The chapter called ‘Murdering Peasants: Status and Genre, and the Representation of Rebellion’ illustrates this power. It begins with a study of some plans Dürer made for imaginary civic monuments. Contemplating these strange drawings – rather as, in the past, what Ernst Gombrich calls ‘symbolic icons’ were employed as instruments of meditation – we are drawn into a study of the Peasants’ War of 1525, and so to the question why Dürer’s Monument to Commemorate a Victory over the Rebellious Peasants can be interpreted in antithetical senses, almost as if he had designed two separate monuments. One signifies ‘the radical irony of personal dissent’ and the other is a ‘harsh celebration of official order’. Having thus illustrated ‘the pressure of history on genre and of generic conventions on historical representation’, Greenblatt explores the resonance of the social attitudes he has identified, and ends with a comment on the way the upper classes treat peasants in Sidney’s Arcadia and in Book Five of The Faerie Queene.

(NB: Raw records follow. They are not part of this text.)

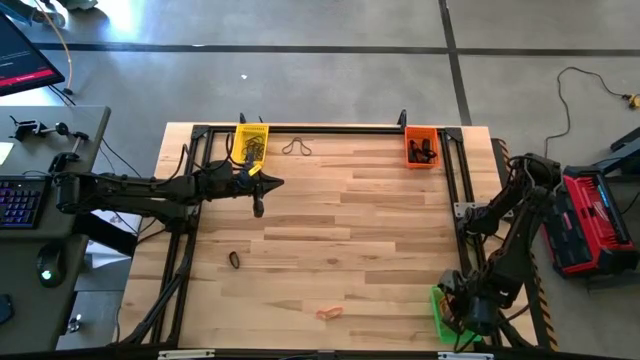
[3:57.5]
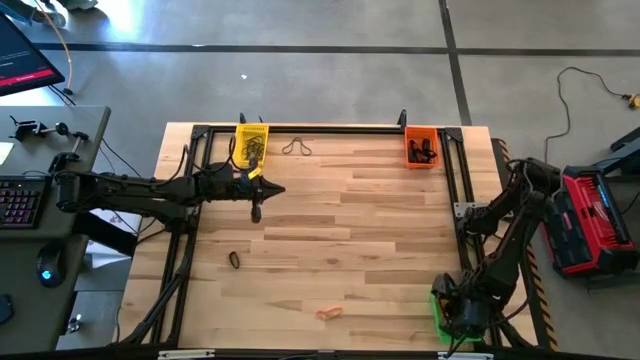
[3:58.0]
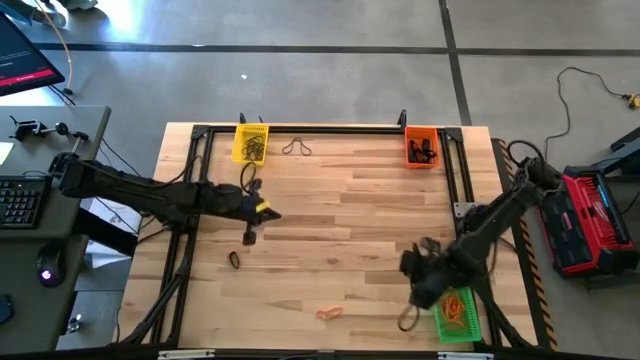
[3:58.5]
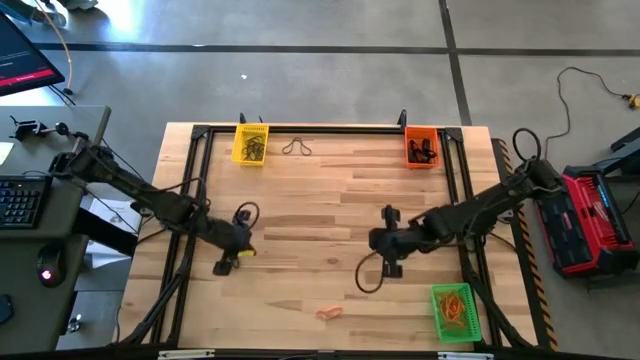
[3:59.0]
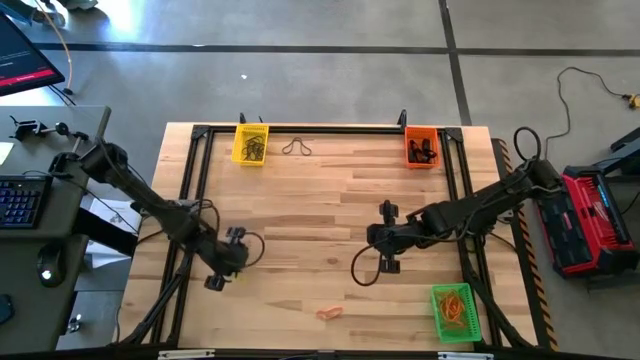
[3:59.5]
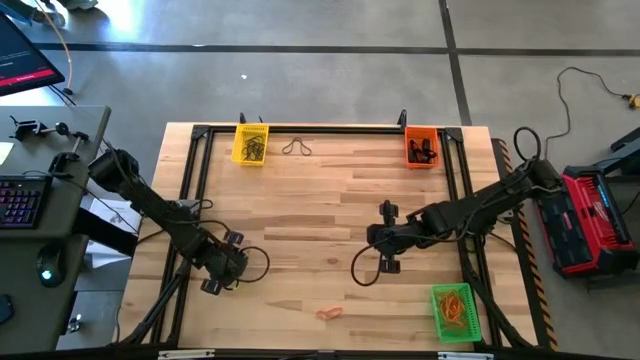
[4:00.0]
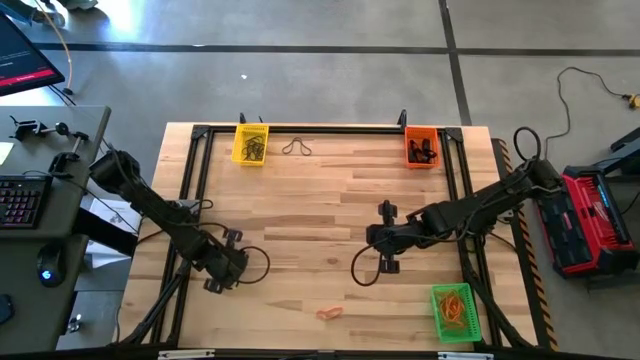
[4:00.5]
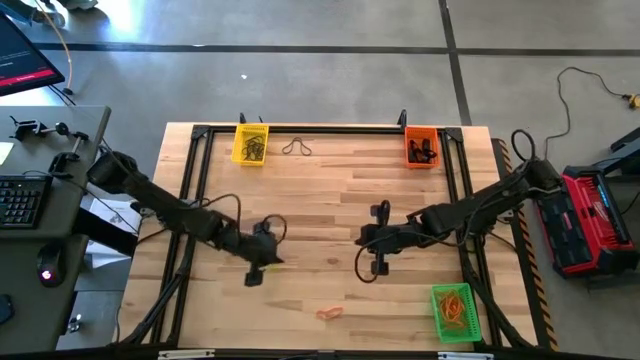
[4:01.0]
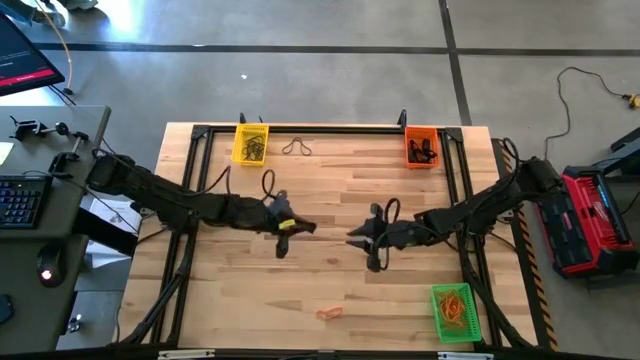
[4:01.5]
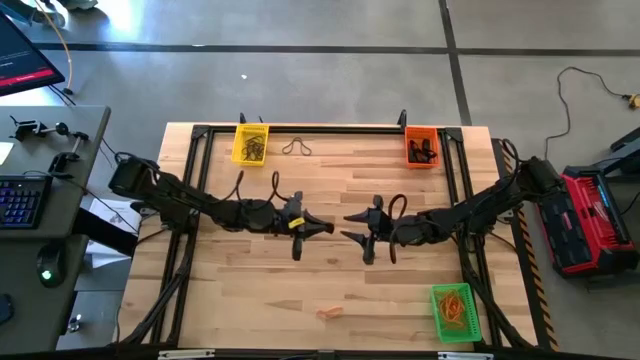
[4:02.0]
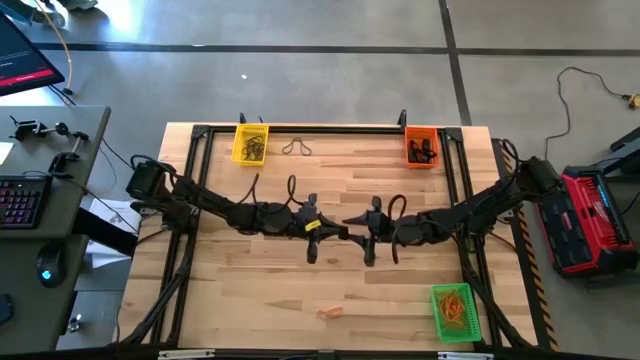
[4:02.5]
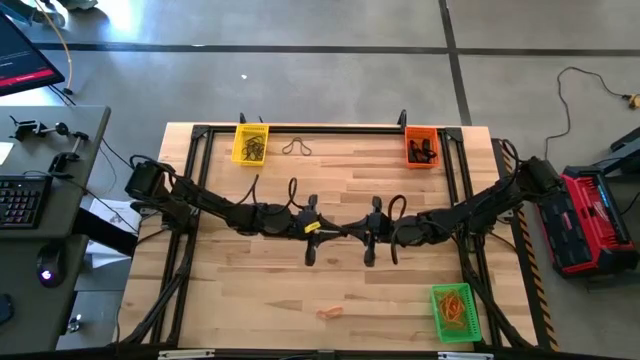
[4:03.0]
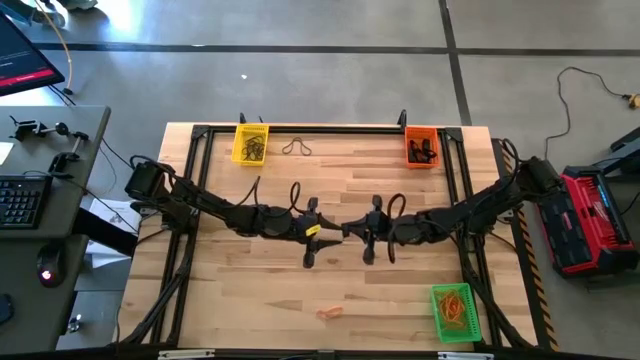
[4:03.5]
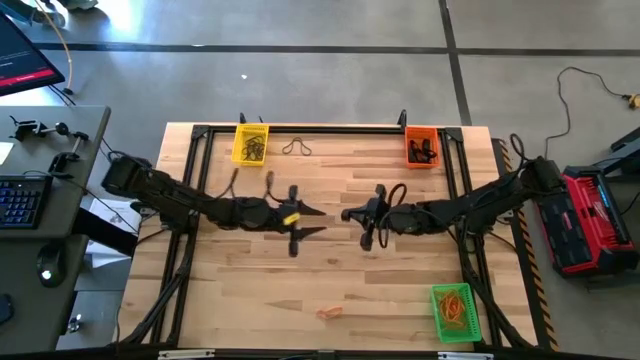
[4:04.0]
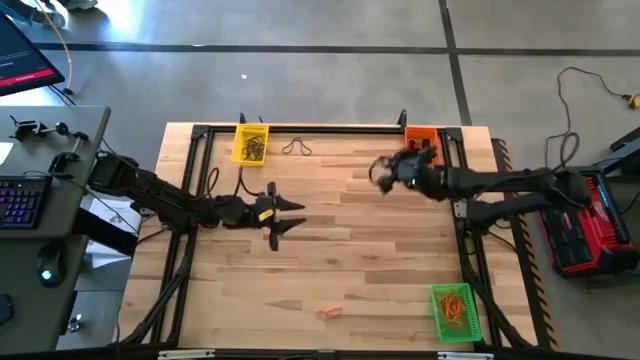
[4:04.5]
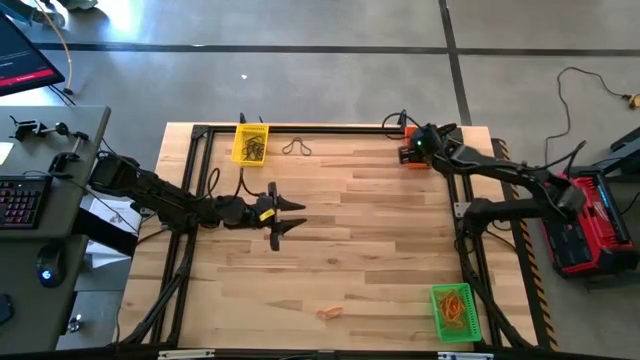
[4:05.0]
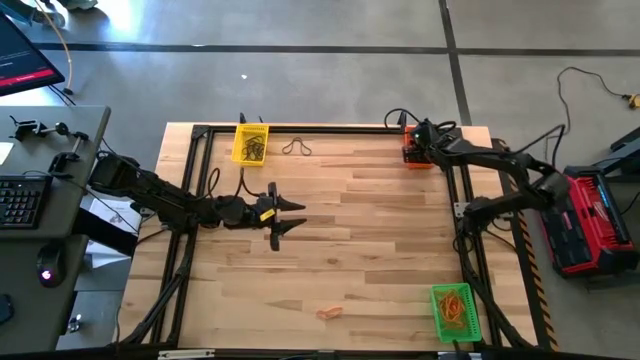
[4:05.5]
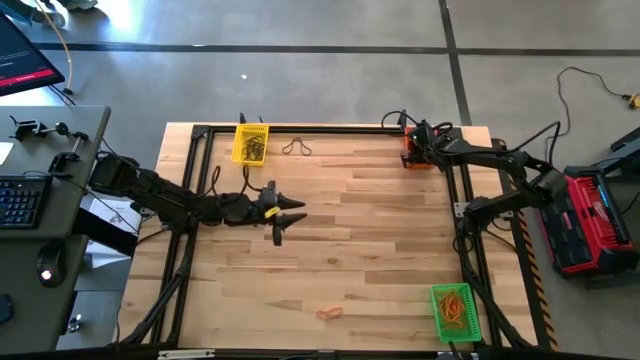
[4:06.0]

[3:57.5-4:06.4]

I share Nuttall’s view that exclusive attention to negotiation, circulation and so on has, for all its benefits, the defect that the power of the literary objects is often underestimated, and sometimes defeats the explanatory model. These powerful initial acts of attention to the marginal symbolic icon, where the meditation and the negotiations start that should end by giving us a richer sense of the great, still central texts, can use up some of the energy that might have gone to those greater works. However, I also agree that nobody at present is writing better about Shakespeare and other Early Modern matters, even if what we get are, perhaps inevitably, what Nuttall characteristically calls lucida tela diei, shafts of light rather than the full blaze of noon – but where shall we go to get that? He is right to say we need more of the same, but although the model is available to all, and will in principle work for and across all historical periods, high critical talent, the secret ingredient, doesn’t abound and cannot be borrowed. These Greenblattian operations call for delicacy as well as audacity, imagination as well as method, and the signs are clear that, in this case anyway, more will probably mean worse.